To determine whether FXN gene therapy has any effect after the onset of heart disease, 7-week-old Mck mice with advanced cardiac insufficiency, including ventricular remodelling and left ventricular systolic dysfunction, were injected with AAVrh10-hFXN. Left ventricle function improved rapidly, reaching wild-type levels within 1–5 weeks after treatment. Moreover, a progressive normalization of the pathology-induced transcriptional programme was observed, as well as a rapid correction of the ultrastructure of the cardiomyocytes, with complete recovery of sarcomere and mitochondria organization 5–8 weeks after treatment. Overall, the data showed a rapid biochemical, cellular and functional improvement, indicating a correction of the FRDA phenotype in cardiomyocytes.

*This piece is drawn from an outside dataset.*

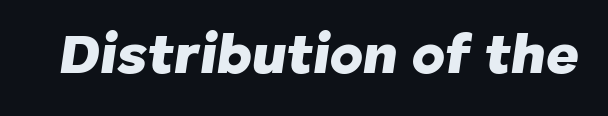
The image shows 57 px heavy type, italic (leaning right); set normal letter spacing, not underlined; low stroke contrast and a medium x-height.

The survival of the treated Mck mice was prolonged but not normal — they died prematurely owing to severe peripheral muscle atrophy. However, this was attributed to the complete lack of FXN in the skeletal muscles of the Mck mice, which contrasts with the situation in patients with FRDA, who retain some FXN expression and show no clinical symptoms related to mitochondrial impairment in skeletal muscle.

Overall, the robust correction of cardiac parameters in response to treatment with AAVrh10-hFXN, even after the onset of heart failure, suggests that gene therapy with this vector may hold promise for patients with FRDA who have severe cardiomyopathy.